CAPÍTULO 01

Los habitantes de Throckbridge, un pueblecito situado en Shropshire, y sus alrededores pasaron la semana anterior al 14 de febrero muy emocionados. Alguien (la identidad de la persona en concreto no estaba del todo clara, aunque seis o siete personas se atribuían el mérito) había sugerido que se celebrara una fiesta en la planta alta de la posada para celebrar el día de San Valentín, dado que parecía haber pasado una eternidad desde las Navidades y todavía faltaba otro tanto para el verano, fecha en la que se celebraba la verbena estival de Rundle Park.

Una vez planteada la sugerencia (de labios de la señora Waddle, la esposa del boticario, o de la señora Moffet, el ama de llaves de sir Humphrey Dew, o de la señorita Aylesford, la hermana solterona del vicario, o de cualquier otra persona de las que afirmaban haber tenido la idea), nadie fue capaz de explicar por qué nunca se les había ocurrido celebrar dicha festividad con un baile. Sin embargo, y dado que ese año sí se les había ocurrido, a nadie le cabía la menor duda de que la celebración de San Valentín se convertiría en un evento anual a partir de ese momento.

Todos estuvieron de acuerdo en que era una idea magnífica. También estuvieron de acuerdo, con especial énfasis tal vez, los niños que no tenían la edad suficiente para asistir ese año pese a las enérgicas protestas dirigidas a los adultos que habían impuesto las reglas. La asistente más joven sería Melinda Rotherhyde, que contaba con quince años, y su presencia quedaba justificada porque era la benjamina de los Rotherhyde y era impensable dejarla sola en casa. Y también se le permitía la asistencia, según añadieron las voces más críticas, porque los Rotherhyde siempre habían sido muy indulgentes con sus hijos.

El varón más joven sería Stephen Huxtable. Solo tenía diecisiete años, aunque a nadie se le había pasado por la cabeza que no asistiera. Pese a su juventud, era el preferido de las mujeres de todas las edades. Melinda, en especial, llevaba tres años suspirando por él, fecha en la que se vio obligada a renunciar a él como compañero de juegos porque su madre dejó de considerar apropiado que estuvieran juntos a todas horas a tenor de sus avanzadas edades y la diferencia de sexos.

El día del baile estuvo lloviznando desde el amanecer, aunque no parecía tan desastroso como la predicción del anciano señor Fuller, que el domingo anterior, después de misa, anunció mientras movía la cabeza y parpadeaba sin cesar que habría dos metros de nieve. El salón de reuniones de la posada estaba recién barrido y fregado; los candelabros de pared tenían velas nuevas; el fuego crepitaba en las chimeneas situadas en los extremos opuestos de la estancia; y se había probado el piano para comprobar que estuviera afinado… aunque a nadie se le había ocurrido pensar qué hacer si no era ese el caso, ya que el afinador más cercano vivía a más de treinta kilómetros de distancia. El señor Rigg se llevó el violín, lo afinó y estuvo tocando un poco a fin de calentar los dedos y hacerse a la acústica de la estancia. Las mujeres llevaron comida suficiente para alimentar a quinientas personas y dejarlas saciadas durante una semana entera, o eso declaró el señor Rigg después de probar una tartaleta de mermelada y unos trozos de queso, motivo por el cual su nuera le llamó la atención dándole una palmadita en la mano.

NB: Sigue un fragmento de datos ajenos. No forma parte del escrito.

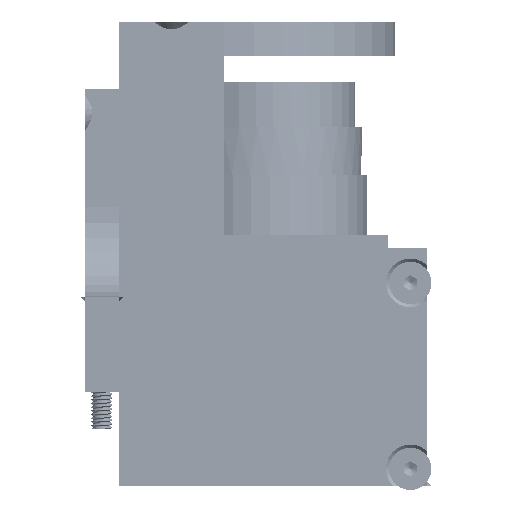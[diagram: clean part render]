
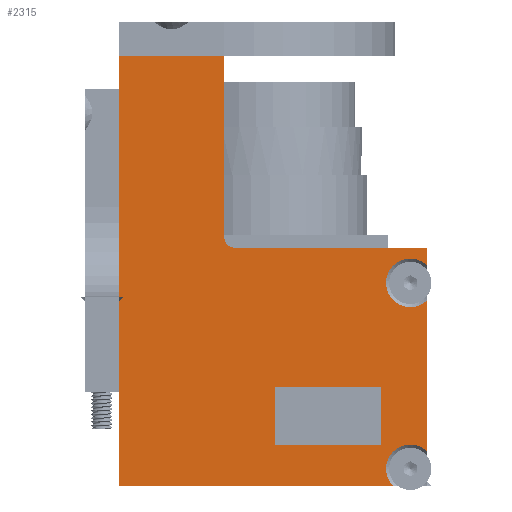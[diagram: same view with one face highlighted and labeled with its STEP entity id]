
A CAD part, front view. The second image highlights one B-rep face of the part: STEP entity #2315.
In plain terms, the highlighted planar face has unit normal (0, -1, 0).
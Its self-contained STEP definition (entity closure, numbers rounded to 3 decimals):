
#1853=FACE_BOUND('',#2793,.T.);
#1854=FACE_BOUND('',#2794,.T.);
#2139=CIRCLE('',#5350,4.59);
#2140=CIRCLE('',#5351,4.59);
#2141=CIRCLE('',#5352,2.);
#2315=ADVANCED_FACE('',(#1853,#1854),#2560,.T.);
#2560=PLANE('',#5353);
#2793=EDGE_LOOP('',(#3209,#3210,#3211,#3212,#3213,#3214,#3215,#3216,#3217,
#3218));
#2794=EDGE_LOOP('',(#3219,#3220,#3221,#3222));
#3209=ORIENTED_EDGE('',*,*,#4453,.T.);
#3210=ORIENTED_EDGE('',*,*,#4435,.T.);
#3211=ORIENTED_EDGE('',*,*,#4454,.T.);
#3212=ORIENTED_EDGE('',*,*,#4439,.T.);
#3213=ORIENTED_EDGE('',*,*,#4443,.T.);
#3214=ORIENTED_EDGE('',*,*,#4455,.T.);
#3215=ORIENTED_EDGE('',*,*,#4444,.T.);
#3216=ORIENTED_EDGE('',*,*,#4450,.T.);
#3217=ORIENTED_EDGE('',*,*,#4429,.T.);
#3218=ORIENTED_EDGE('',*,*,#4433,.T.);
#3219=ORIENTED_EDGE('',*,*,#4417,.T.);
#3220=ORIENTED_EDGE('',*,*,#4421,.T.);
#3221=ORIENTED_EDGE('',*,*,#4424,.T.);
#3222=ORIENTED_EDGE('',*,*,#4452,.T.);
#4070=VERTEX_POINT('',#6889);
#4071=VERTEX_POINT('',#6891);
#4073=VERTEX_POINT('',#6897);
#4075=VERTEX_POINT('',#6903);
#4080=VERTEX_POINT('',#6914);
#4081=VERTEX_POINT('',#6916);
#4084=VERTEX_POINT('',#6928);
#4085=VERTEX_POINT('',#6933);
#4086=VERTEX_POINT('',#6934);
#4088=VERTEX_POINT('',#6944);
#4089=VERTEX_POINT('',#6946);
#4091=VERTEX_POINT('',#6957);
#4092=VERTEX_POINT('',#6961);
#4093=VERTEX_POINT('',#6962);
#4417=EDGE_CURVE('',#4071,#4070,#4870,.T.);
#4421=EDGE_CURVE('',#4070,#4073,#4874,.T.);
#4424=EDGE_CURVE('',#4073,#4075,#4877,.T.);
#4429=EDGE_CURVE('',#4081,#4080,#4880,.T.);
#4433=EDGE_CURVE('',#4080,#4084,#4883,.T.);
#4435=EDGE_CURVE('',#4085,#4086,#4885,.T.);
#4439=EDGE_CURVE('',#4089,#4088,#4888,.T.);
#4443=EDGE_CURVE('',#4088,#4091,#4891,.T.);
#4444=EDGE_CURVE('',#4092,#4093,#4892,.T.);
#4450=EDGE_CURVE('',#4093,#4081,#4897,.T.);
#4452=EDGE_CURVE('',#4075,#4071,#4899,.T.);
#4453=EDGE_CURVE('',#4084,#4085,#2139,.T.);
#4454=EDGE_CURVE('',#4086,#4089,#2140,.T.);
#4455=EDGE_CURVE('',#4091,#4092,#2141,.T.);
#4870=LINE('',#6890,#5104);
#4874=LINE('',#6898,#5108);
#4877=LINE('',#6904,#5111);
#4880=LINE('',#6915,#5114);
#4883=LINE('',#6929,#5117);
#4885=LINE('',#6932,#5119);
#4888=LINE('',#6945,#5122);
#4891=LINE('',#6958,#5125);
#4892=LINE('',#6960,#5126);
#4897=LINE('',#6972,#5131);
#4899=LINE('',#6975,#5133);
#5104=VECTOR('',#5778,1.);
#5108=VECTOR('',#5784,1.);
#5111=VECTOR('',#5789,1.);
#5114=VECTOR('',#5798,1.);
#5117=VECTOR('',#5803,1.);
#5119=VECTOR('',#5807,1.);
#5122=VECTOR('',#5810,1.);
#5125=VECTOR('',#5815,1.);
#5126=VECTOR('',#5818,1.);
#5131=VECTOR('',#5827,1.);
#5133=VECTOR('',#5831,1.);
#5350=AXIS2_PLACEMENT_3D('',#6977,#5834,#5835);
#5351=AXIS2_PLACEMENT_3D('',#6978,#5836,#5837);
#5352=AXIS2_PLACEMENT_3D('',#6979,#5838,#5839);
#5353=AXIS2_PLACEMENT_3D('',#6980,#5840,#5841);
#5778=DIRECTION('',(0.,0.,1.));
#5784=DIRECTION('',(1.,0.,0.));
#5789=DIRECTION('',(0.,0.,-1.));
#5798=DIRECTION('',(0.,0.,-1.));
#5803=DIRECTION('',(1.,0.,0.));
#5807=DIRECTION('',(0.,0.,1.));
#5810=DIRECTION('',(0.,0.,1.));
#5815=DIRECTION('',(-1.,0.,0.));
#5818=DIRECTION('',(0.,0.,1.));
#5827=DIRECTION('',(-1.,0.,0.));
#5831=DIRECTION('',(-1.,0.,0.));
#5834=DIRECTION('',(0.,1.,0.));
#5835=DIRECTION('',(0.,0.,1.));
#5836=DIRECTION('',(0.,1.,0.));
#5837=DIRECTION('',(0.,0.,1.));
#5838=DIRECTION('',(0.,1.,0.));
#5839=DIRECTION('',(0.,0.,-1.));
#5840=DIRECTION('',(0.,-1.,0.));
#5841=DIRECTION('',(0.,0.,-1.));
#6889=CARTESIAN_POINT('',(29.6,-6.35,18.75));
#6890=CARTESIAN_POINT('',(29.6,-6.35,7.75));
#6891=CARTESIAN_POINT('',(29.6,-6.35,7.75));
#6897=CARTESIAN_POINT('',(49.6,-6.35,18.75));
#6898=CARTESIAN_POINT('',(29.6,-6.35,18.75));
#6903=CARTESIAN_POINT('',(49.6,-6.35,7.75));
#6904=CARTESIAN_POINT('',(49.6,-6.35,18.75));
#6914=CARTESIAN_POINT('',(0.,-6.35,0.));
#6915=CARTESIAN_POINT('',(0.,-6.35,81.35));
#6916=CARTESIAN_POINT('',(0.,-6.35,81.35));
#6928=CARTESIAN_POINT('',(51.86,-6.35,0.));
#6929=CARTESIAN_POINT('',(0.,-6.35,0.));
#6932=CARTESIAN_POINT('',(58.35,-6.35,0.));
#6933=CARTESIAN_POINT('',(58.35,-6.35,6.49));
#6934=CARTESIAN_POINT('',(58.35,-6.35,35.035));
#6944=CARTESIAN_POINT('',(58.35,-6.35,45.));
#6945=CARTESIAN_POINT('',(58.35,-6.35,0.));
#6946=CARTESIAN_POINT('',(58.35,-6.35,41.665));
#6957=CARTESIAN_POINT('',(22.,-6.35,45.));
#6958=CARTESIAN_POINT('',(58.35,-6.35,45.));
#6960=CARTESIAN_POINT('',(20.,-6.35,45.));
#6961=CARTESIAN_POINT('',(20.,-6.35,47.));
#6962=CARTESIAN_POINT('',(20.,-6.35,81.35));
#6972=CARTESIAN_POINT('',(20.,-6.35,81.35));
#6975=CARTESIAN_POINT('',(49.6,-6.35,7.75));
#6977=CARTESIAN_POINT('',(55.175,-6.35,3.175));
#6978=CARTESIAN_POINT('',(55.175,-6.35,38.35));
#6979=CARTESIAN_POINT('',(22.,-6.35,47.));
#6980=CARTESIAN_POINT('',(0.,-6.35,0.));

Las mujeres de todas las edades se pasaron el día rizándose el pelo y cambiándose de vestido unas cuantas veces hasta que acabaron volviendo, cómo no, a su primera opción. Casi todas las jóvenes casaderas de menos de treinta años, y bastantes de las que superaban esa edad, soñaban con San Valentín y con las posibilidades románticas que ese día podría reportarles si acaso… En fin, si acaso un adonis desconocido apareciera de la nada para caer rendido a sus pies. O en cualquier caso si un conocido por el que sintieran especial predilección se dignara bailar con ellas y reparara en sus maravillosos encantos y…

Bueno, al fin y al cabo era el día de San Valentín.

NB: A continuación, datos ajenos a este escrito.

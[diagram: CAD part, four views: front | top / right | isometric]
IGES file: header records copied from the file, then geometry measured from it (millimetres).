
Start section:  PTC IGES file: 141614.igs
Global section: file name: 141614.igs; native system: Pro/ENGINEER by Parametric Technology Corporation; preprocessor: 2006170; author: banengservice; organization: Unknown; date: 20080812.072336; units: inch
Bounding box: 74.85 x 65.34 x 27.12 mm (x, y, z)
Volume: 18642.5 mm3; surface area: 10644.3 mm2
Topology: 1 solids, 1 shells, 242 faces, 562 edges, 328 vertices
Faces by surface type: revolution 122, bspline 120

Y aunque a lo largo y ancho del pueblo todos los hombres fingían un enorme desinterés por todo ese fastidioso asunto de la fiesta, se aseguraron de que sus zapatos de baile estuvieran bien relucientes, de que sus fracs estuvieran impecables y de haber invitado a bailar a la mujer con la que deseaban compartir la primera pieza. Después de todo, las damas seguro que se mostrarían más predispuestas de lo acostumbrado al coqueteo, dado que se estaba celebrando el día de San Valentín.

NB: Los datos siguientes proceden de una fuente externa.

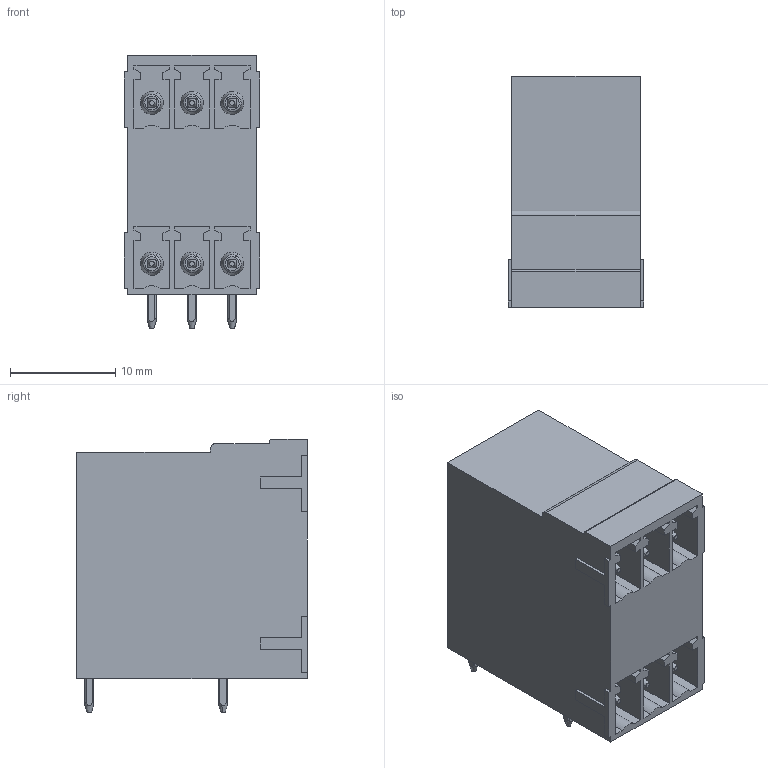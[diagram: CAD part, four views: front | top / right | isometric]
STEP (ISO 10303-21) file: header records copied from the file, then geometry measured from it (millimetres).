
FILE_DESCRIPTION(('CATIA V5 STEP Exchange','CAx-IF Rec.Pracs.--- Model Styling and Organization---1.2---2011-12-15'),'2;1');
FILE_NAME ('D1460818_0_1973740000_1973740000.stp','2018-10-05T05:51:17+00:00',('none'),('Weidmueller'),'CATIA Version 5-6 Release 2014','CATIA V5 STEP AP214','none');
FILE_SCHEMA(('AUTOMOTIVE_DESIGN { 1 0 10303 214 1 1 1 1 }'));
Length unit declared in the file: millimetre
Products named in the file (1): 1973740000
Bounding box: 12.82 x 21.9 x 25.9 mm (x, y, z)
Volume: 5168.7 mm3; surface area: 3751.3 mm2
Topology: 7 solids, 7 shells, 428 faces, 1176 edges, 774 vertices
Faces by surface type: plane 288, cylinder 92, cone 36, torus 12
Entity records: 13105 total; most frequent: CARTESIAN_POINT 3481, ORIENTED_EDGE 2352, DIRECTION 1380, EDGE_CURVE 1176, VECTOR 848, LINE 848, VERTEX_POINT 774, EDGE_LOOP 452

Aquellas personas demasiado mayores para bailar, para coquetear o para soñar con un romance arrebatador esperaban una velada bulliciosa en la que cotillear y jugar a las cartas… y un festín delicioso que siempre era lo mejor de todas las celebraciones locales.

Por tanto, salvo por las quejas de los más jóvenes del pueblo, todos se mostraban entusiasmados con el baile, ya fuera abiertamente o para sus adentros.


Sin embargo, había una excepción muy notable.

– ¡Una fiesta pueblerina, por el amor de Dios! -Elliott Wallace, vizconde de Lyngate, estaba repantingado en un sillón una hora antes de que diera comienzo el baile; sobre el apoyabrazos había colocado una pierna, que balanceaba con impaciencia-. ¿Podríamos haber llegado en peor momento aunque nos lo hubiéramos propuesto, George?

George Bowen, que estaba delante de la chimenea para calentarse las manos, sonrió sin dejar de mirar las ascuas.

– ¿Bailar con unas cuantas pueblerinas solteras no te parece un buena forma de divertirse? -preguntó-. Pues tal vez sea lo que necesitamos para aliviar los músculos que tenemos agarrotados por el largo viaje.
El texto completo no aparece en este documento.